(Not Especially Mad) Men: The Hour – episode 2 review

Wednesday 27th July 2011, 10:07AM BST.

The Hour: Bel Rowley, played by Romola Garai, Hector Madden, played by Dominic West, and Freddie Lyon, played by Ben Whishaw
The Hour: Bel Rowley, played by Romola Garai, Hector Madden, played by Dominic West, and Freddie Lyon, played by Ben Whishaw

“The Hour is like watching a car you’ve always dreamt of being driven by a man who’s never sat behind a wheel” – not my words; I’m quoting one of the characters in last night’s episode, who was himself quoting a fictional newspaper critic.

Actually, I didn’t even write down the quote while watching the programme; I took it from one of the umpteen publicity pieces for The Hour that seem to be knocking about everywhere you look or listen. Very occasionally the Beeb lets a programme get in the way, which is nice.

So, this series has a marketing budget slightly bigger than the GDP of a developing country, but is it any good? Does it live up to the hype?

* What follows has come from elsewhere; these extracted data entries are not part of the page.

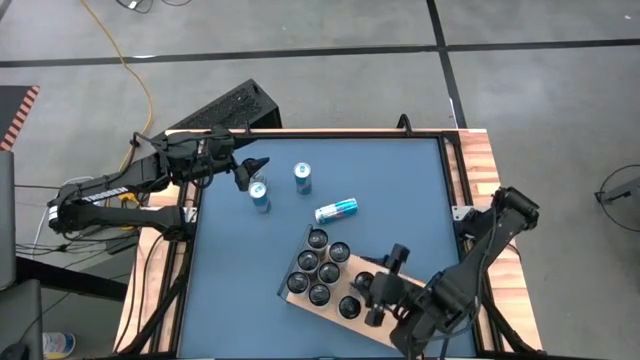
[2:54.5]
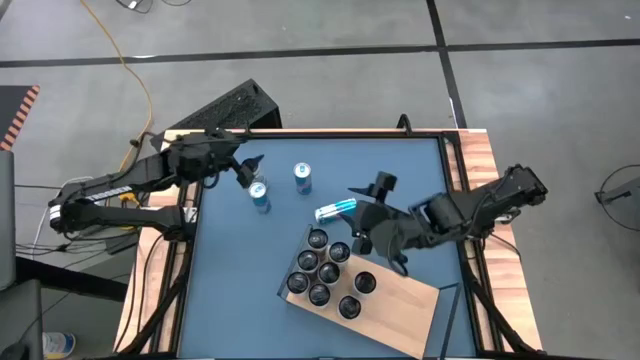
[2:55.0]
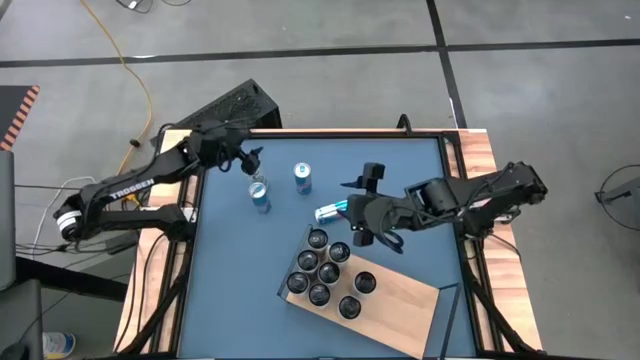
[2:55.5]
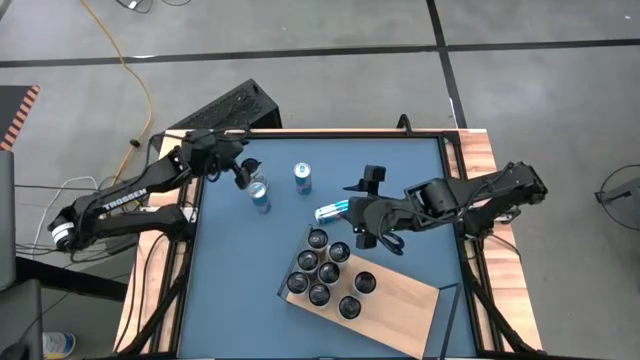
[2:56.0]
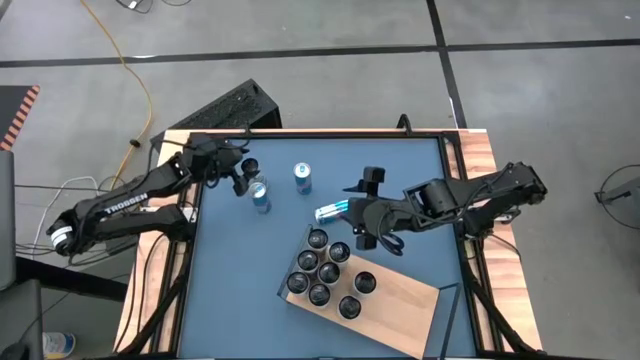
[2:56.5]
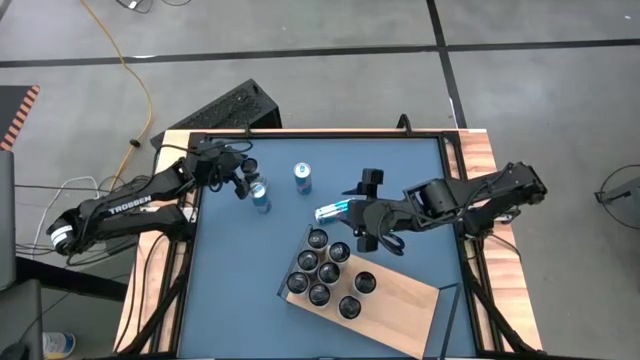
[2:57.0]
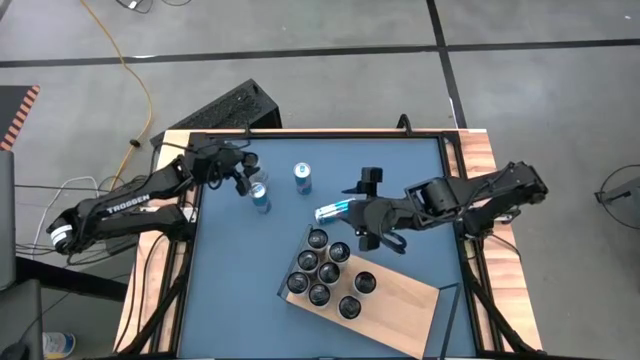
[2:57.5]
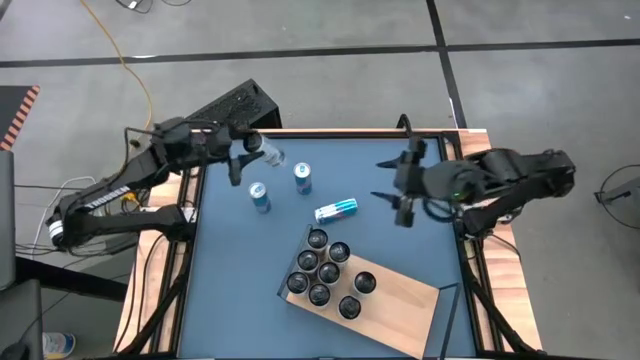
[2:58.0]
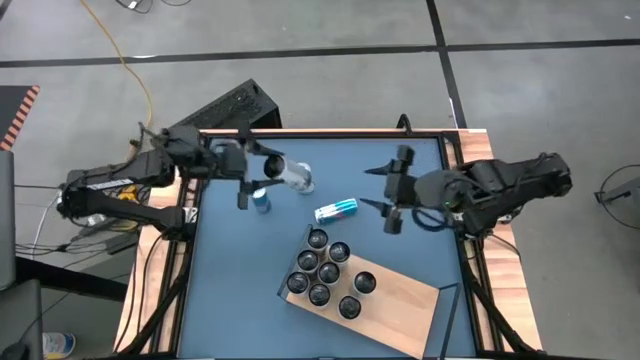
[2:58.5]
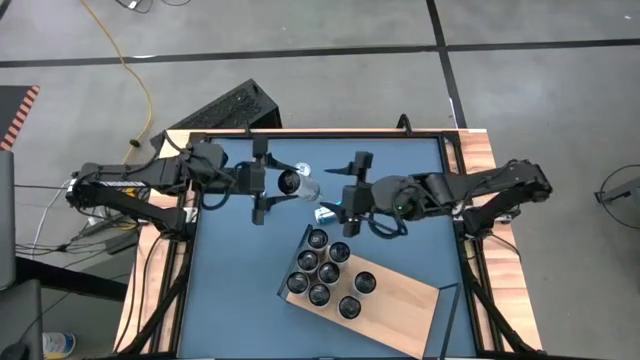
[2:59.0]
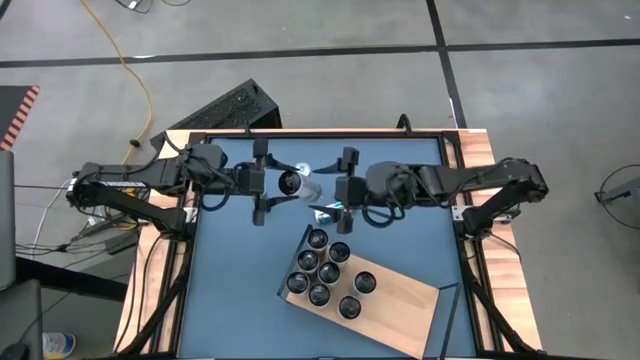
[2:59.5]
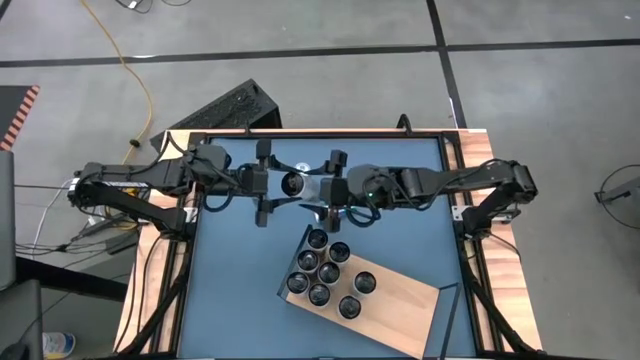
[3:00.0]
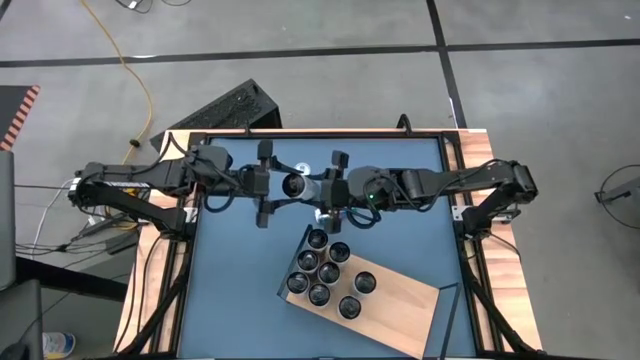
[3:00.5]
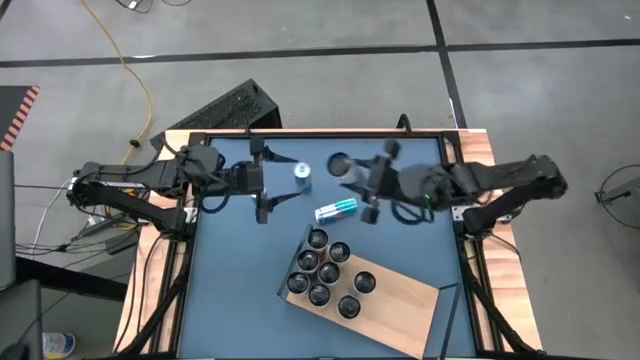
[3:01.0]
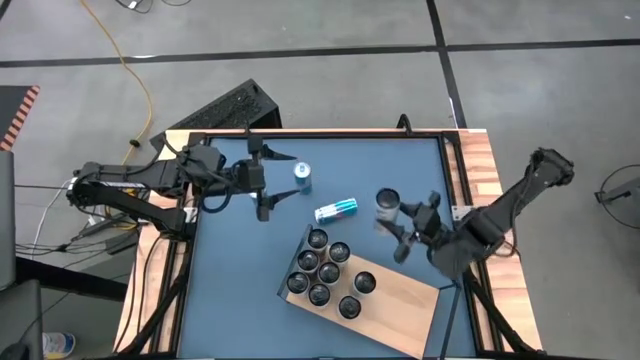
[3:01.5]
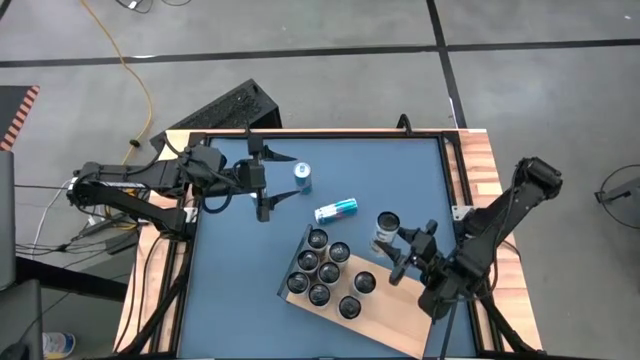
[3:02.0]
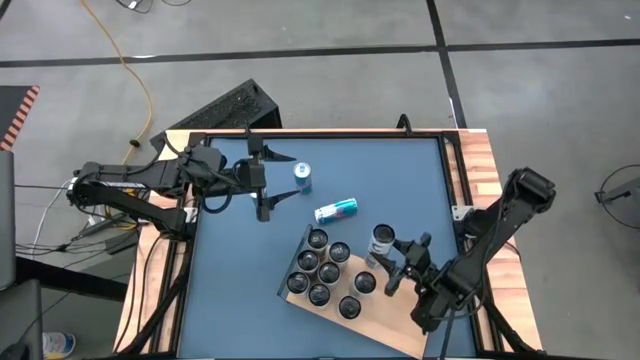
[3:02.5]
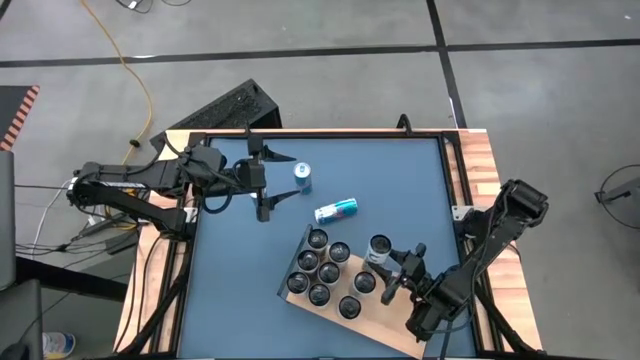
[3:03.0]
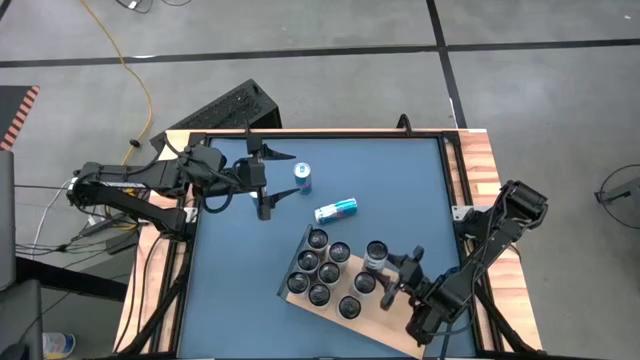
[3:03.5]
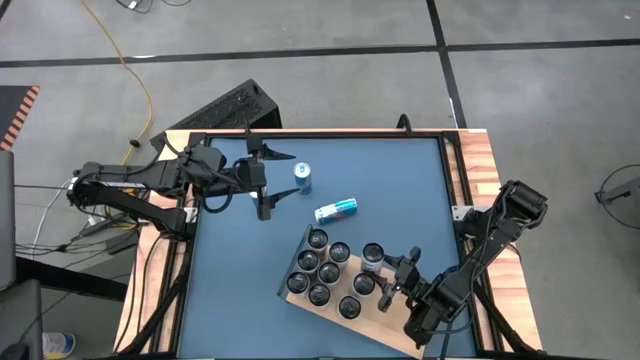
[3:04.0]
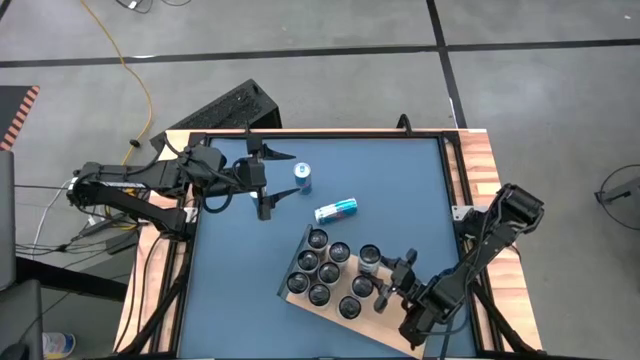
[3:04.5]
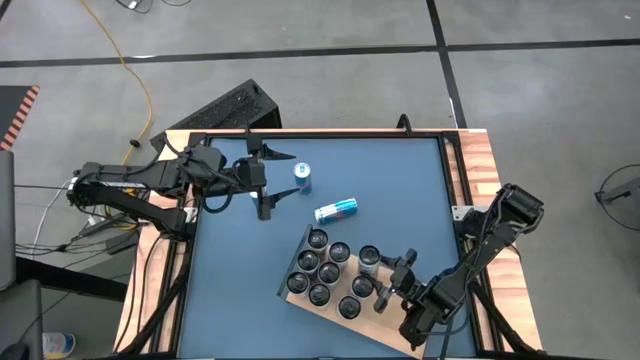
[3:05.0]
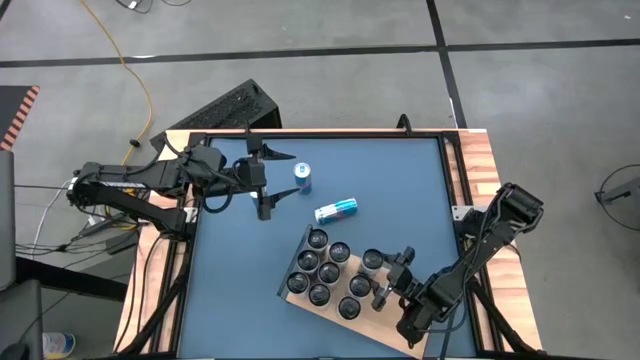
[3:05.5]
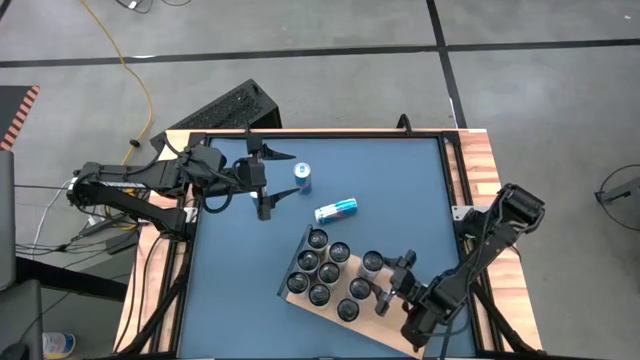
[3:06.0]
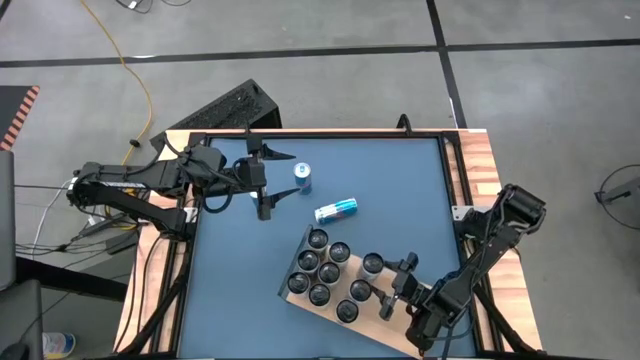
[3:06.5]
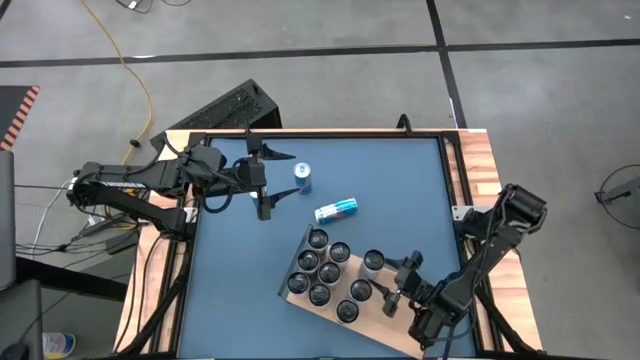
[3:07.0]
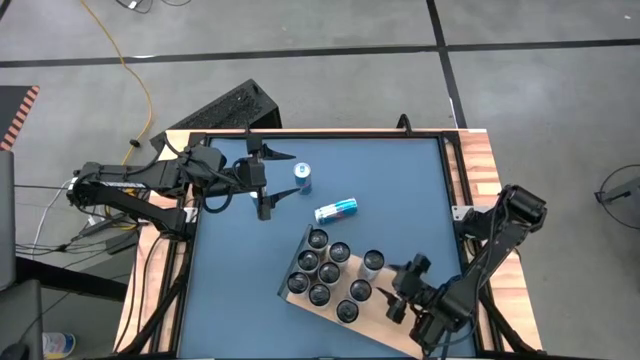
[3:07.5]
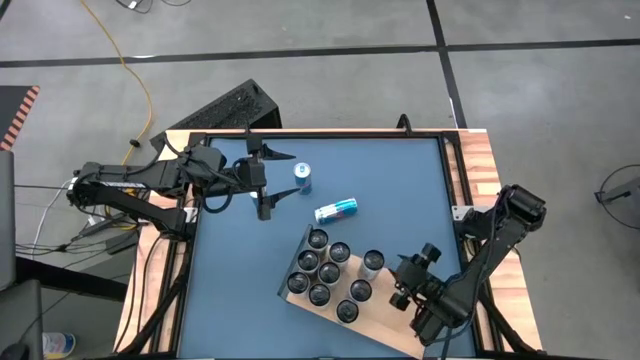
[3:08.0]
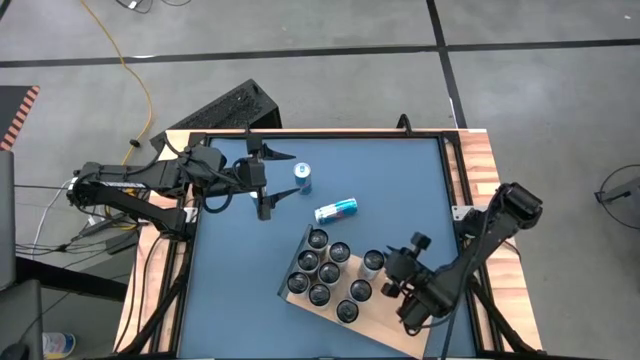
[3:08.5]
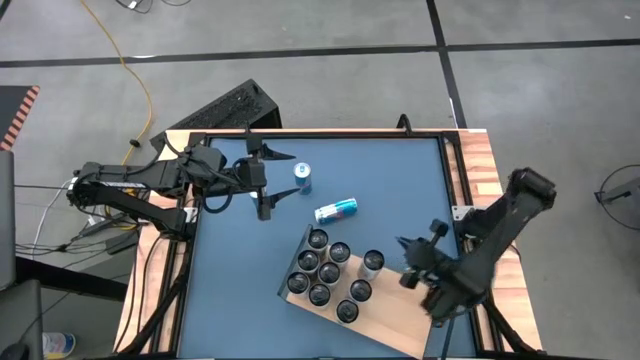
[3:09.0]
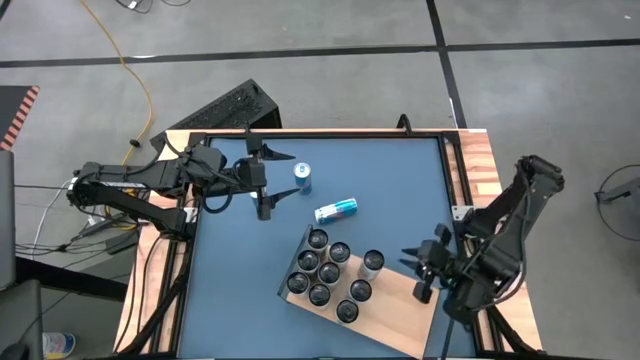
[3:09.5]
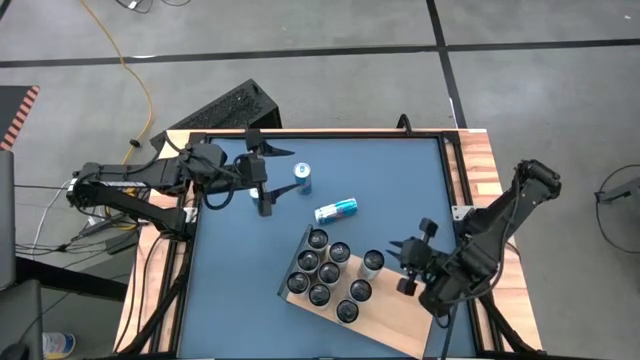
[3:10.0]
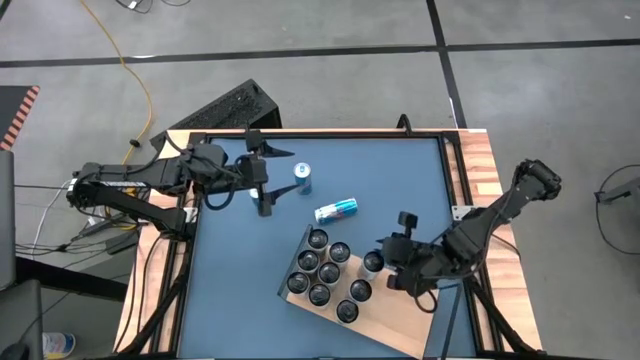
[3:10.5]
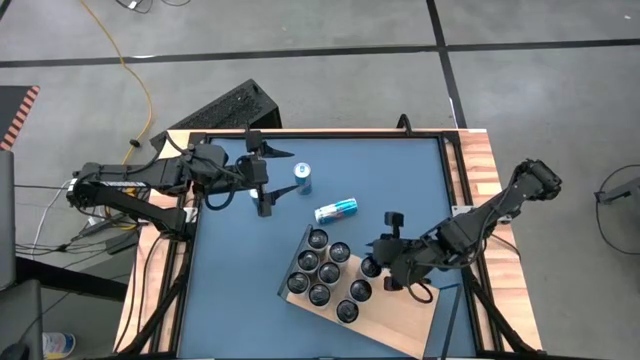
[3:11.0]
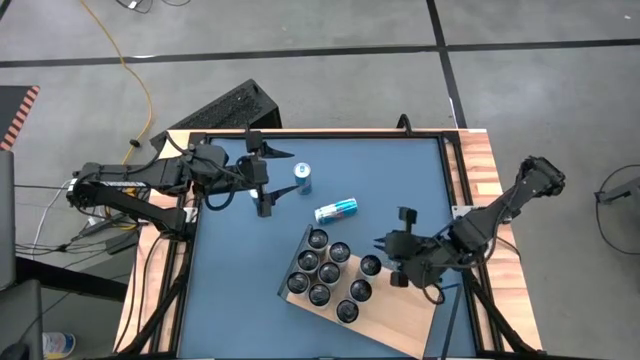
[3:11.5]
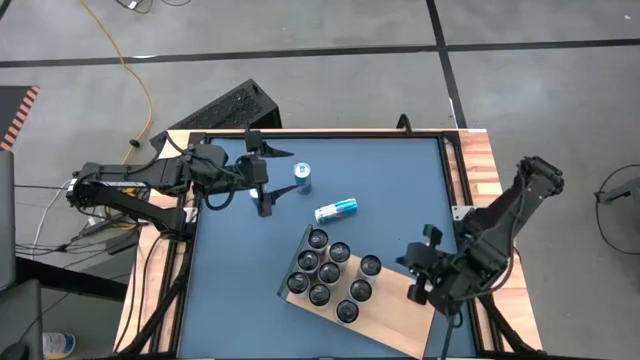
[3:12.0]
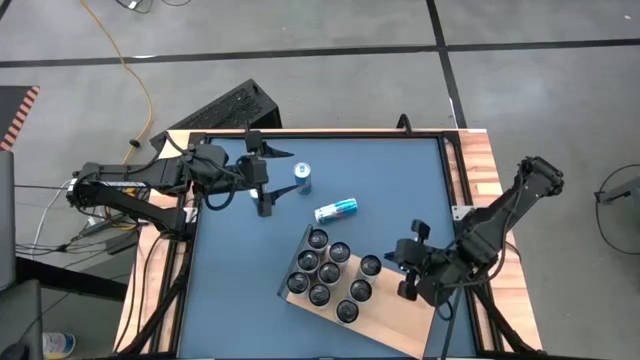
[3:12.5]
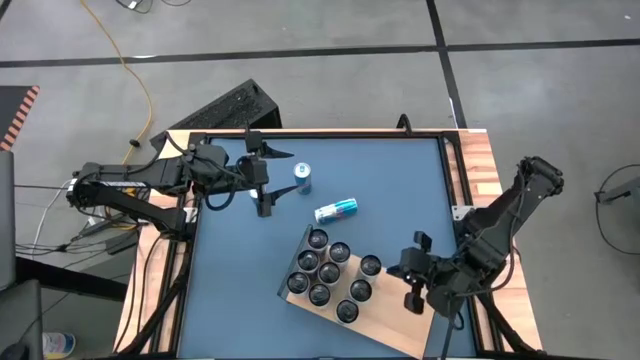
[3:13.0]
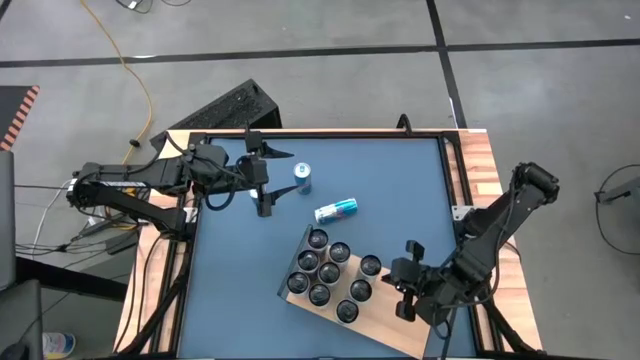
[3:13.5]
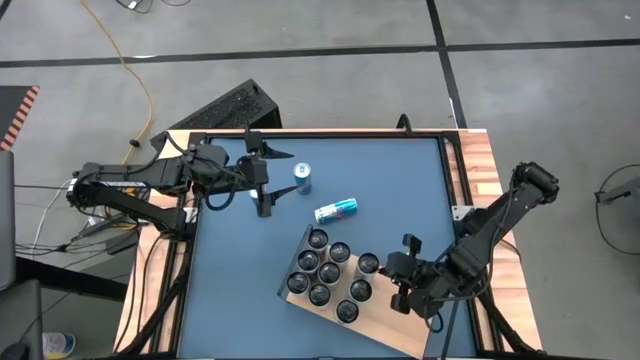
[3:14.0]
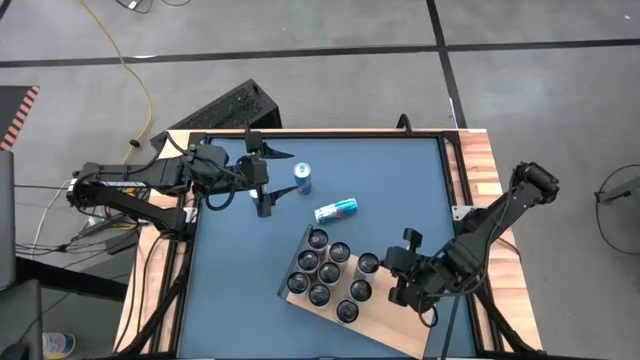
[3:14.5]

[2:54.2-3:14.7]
Task: Place canned beverage on shelf
Put the top white blue soda can aligned with the other white blue soda can on the shelf

Two episodes in, and I’d say it does. Some critics have lazily compared it to Mad Men “because it’s, like, set quite a long time ago and people use Brylcreem and wear suits and stuff,” but, really that’s about it. One’s a glossy American series about advertising, the other is a British series based around the BBC of the 1950s – and one look at the characters’ dingy homes tells you there’s precious little glamour about. (Actually, they tried a bit too hard here: the kitchen of stroppy producer Bel Rowley’s flat is filled with 1950s products, but they look as if someone has set them out for the camera rather than the occupant.)

On the whole, though, the attention to detail is very strong – those massive TV cameras, the grotty canteen, the legal requirement to be smoking at all times – although sometimes the characters speak in clunky exposition and the occasional anachronism gets through. (Would they really have said “You partied more than you should” in the late 1950s?)

Last night, with the Suez Crisis as a backdrop, we saw The Hour, the fictional programme, get its act together. Handsome dreamboat Hector Madden, the man the critic accused of never having sat behind the wheel before, finally got his advanced driving licence and went from drippy and clueless host (“So where do you live?” he asked a spokesman on immigration in a wince-inducing interview) to positively Paxman-esque when it came to dealing with President Nasser’s spokesman. He was kicking bottom, but in a gently British sort of way. Probably while smoking a pipe.

However, I’m not sure about the conspiracy sub-plot. These are complicated, real characters who live in an impossibly exciting time of change, at the dawn of the television news age. Surely that’s enough to be getting on with? Why on earth did they feel the need to add something else?